* _Task to complete_
Set down, word for word, only the lines from the start of the records through the line bearing "ဗြဟ္မံ-မြတ်သော"; include no pictures.

Source records:

*** Block opens ***

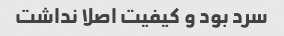
سرد بود و کیفیت اصلا نداشت
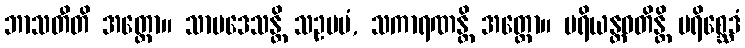
ဘာသတီတိ အတ္ထော။ သာပဒေသန္တိ သဥပမံ, သကာရဏန္တိ အတ္ထော။ ပရိယန္တဝတိန္တိ ပရိစ္ဆေဒံ
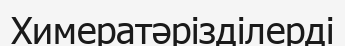
Химератәрізділерді
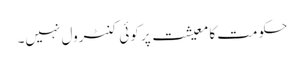
حکومت کا معیشت پر کوئی کنٹرول نہیں۔
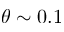
\theta \sim 0 . 1
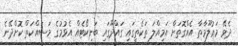
ދެވޭ މަޢުލޫމާތާ އެއްގޮތަށް އަމިއްލަ ތަކެތީގައި ގައްދޫގައި ބަށިކޯޓެއް އެޅުމުގެ މަސައްކަތް ކޮށްދޭނެ
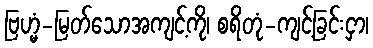
ဗြဟ္မံ-မြတ်သောအကျင့်ကို၊ စရိတုံ-ကျင့်ခြင်းငှာ၊
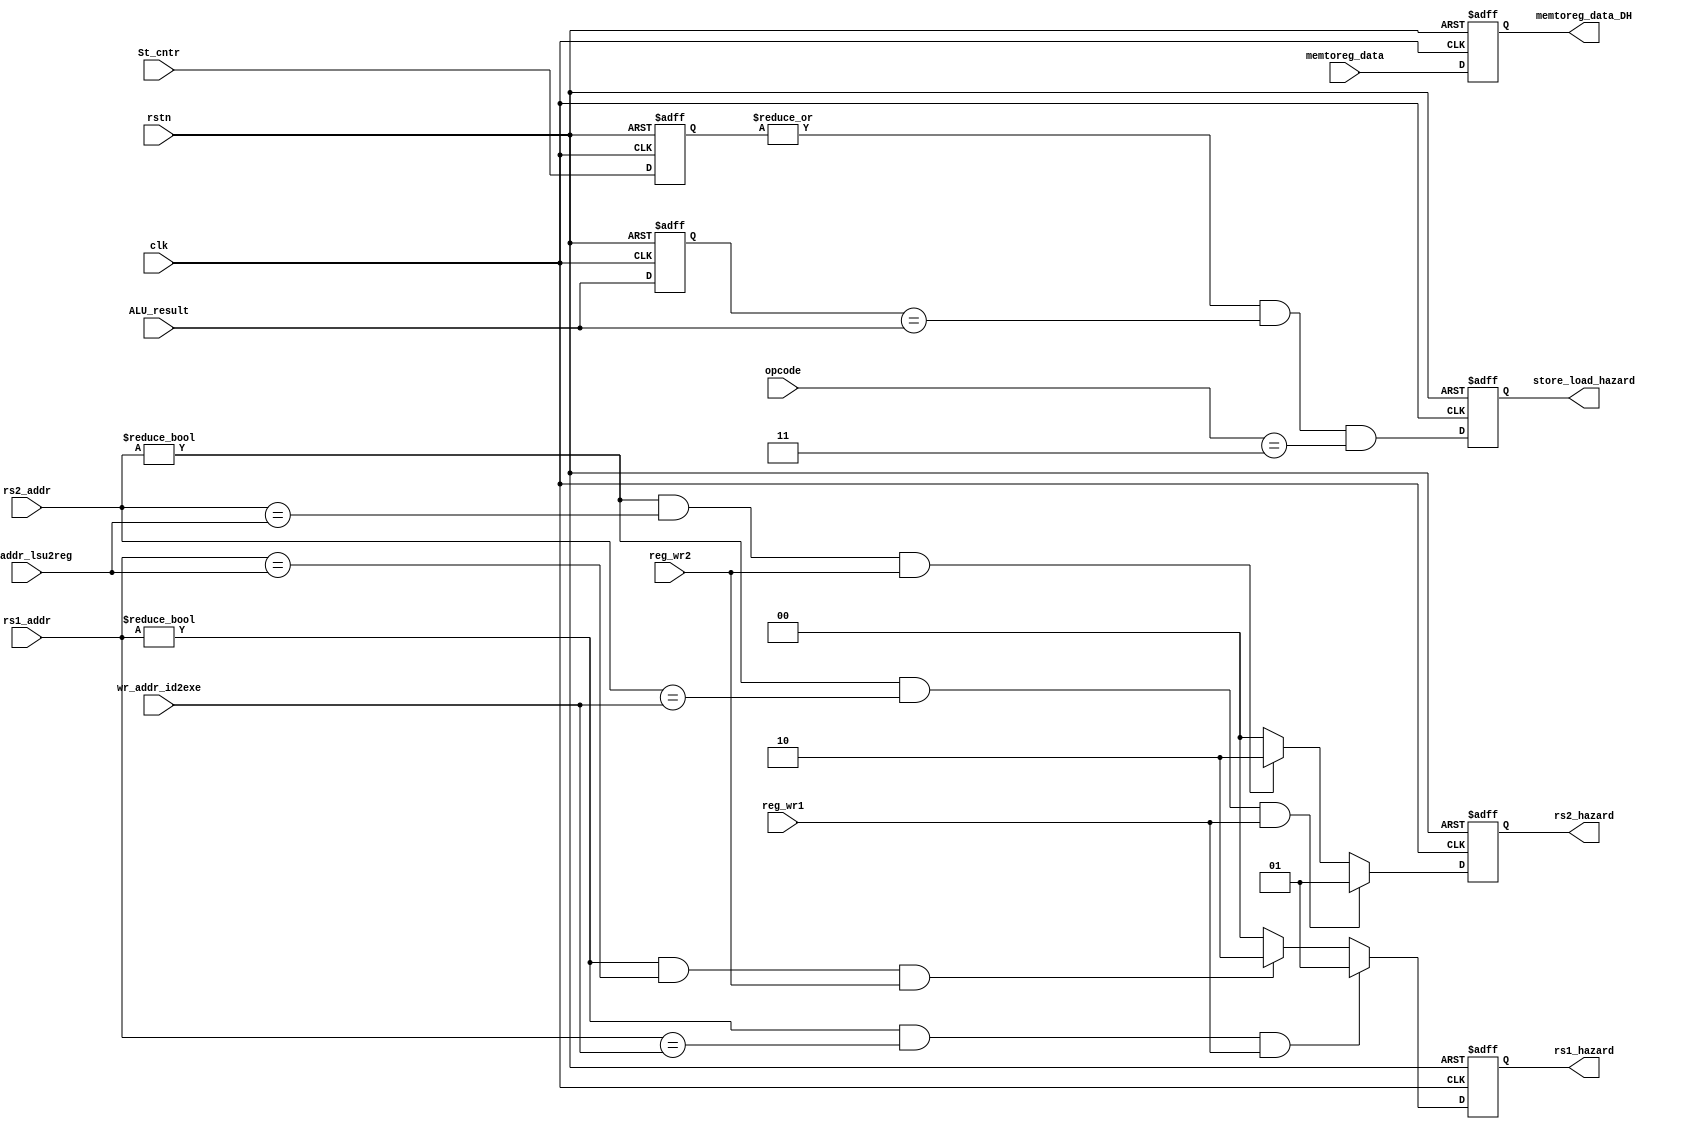
/***********************************************************************************************************
Github repo : https://github.com/Praseeda-S/RISC-V-Soc.git
Date : 20/05/2021
Authors : Praseeda S, Sanjana AR, Parvathy PH, Anna Sebastine
College Name : College of Engineering, Trivandrum
Project Name : Design and Verification of Vriddhi: A RISC-V Core
Design name : Data hazard unit
Module name : datahazard
Description : Checks for the occurence of any form of datahazard and gives input to forwarding unit
***********************************************************************************************************/

module datahazard(
input wire clk,
input wire rstn,
input wire [4:0]  rs1_addr,
input wire [4:0]  rs2_addr,
input wire [4:0]  wr_addr_id2exe, 
input wire [4:0]  wr_addr_lsu2reg,
input wire        reg_wr1,
input wire        reg_wr2,
input wire [1:0]  St_cntr,
input wire [31:0] ALU_result,
input wire [31:0] memtoreg_data,
input wire [6:0]  opcode,
output reg [1:0]  rs1_hazard,
output reg [1:0]  rs2_hazard,
output reg [31:0] memtoreg_data_DH,
output reg store_load_hazard  
);

wire [1:0]  rs1_haz,rs2_haz;
reg  [1:0]  St_cntr_reg;
reg  [31:0] ALU_result_reg;
wire store_load_haz;

assign store_load_haz = ((|St_cntr_reg) & (ALU_result_reg == ALU_result) & (opcode == 7'b0000011));

assign rs1_haz = ((rs1_addr != 0) && (rs1_addr == wr_addr_id2exe) && reg_wr1) ? 2'b01 : (((rs1_addr != 0) && (rs1_addr == wr_addr_lsu2reg) && reg_wr2) == 1  ? 2'b10 : 2'b00) ;

assign rs2_haz = ((rs2_addr != 0) && (rs2_addr == wr_addr_id2exe) && reg_wr1) ? 2'b01 : (((rs2_addr != 0) && (rs2_addr == wr_addr_lsu2reg) && reg_wr2) == 1  ? 2'b10 : 2'b00) ;

always @(posedge clk or negedge rstn) begin

if (~rstn) begin
rs1_hazard <= 0;
rs2_hazard <= 0;
memtoreg_data_DH <= 0;
store_load_hazard <= 0;
St_cntr_reg <= 0;
ALU_result_reg <= 0;
end

else begin
rs1_hazard <= rs1_haz;
rs2_hazard <= rs2_haz;
memtoreg_data_DH <= memtoreg_data;
store_load_hazard <= store_load_haz;
St_cntr_reg <= St_cntr;
ALU_result_reg <= ALU_result;
end
end
endmodule

*** Block closes ***

* _Solution to this task_
سرد بود و کیفیت اصلا نداشت
ဘာသတီတိ အတ္ထော။ သာပဒေသန္တိ သဥပမံ, သကာရဏန္တိ အတ္ထော။ ပရိယန္တဝတိန္တိ ပရိစ္ဆေဒံ
Химератәрізділерді
حکومت کا معیشت پر کوئی کنٹرول نہیں۔
\theta \sim 0 . 1
ދެވޭ މަޢުލޫމާތާ އެއްގޮތަށް އަމިއްލަ ތަކެތީގައި ގައްދޫގައި ބަށިކޯޓެއް އެޅުމުގެ މަސައްކަތް ކޮށްދޭނެ
ဗြဟ္မံ-မြတ်သောအကျင့်ကို၊ စရိတုံ-ကျင့်ခြင်းငှာ၊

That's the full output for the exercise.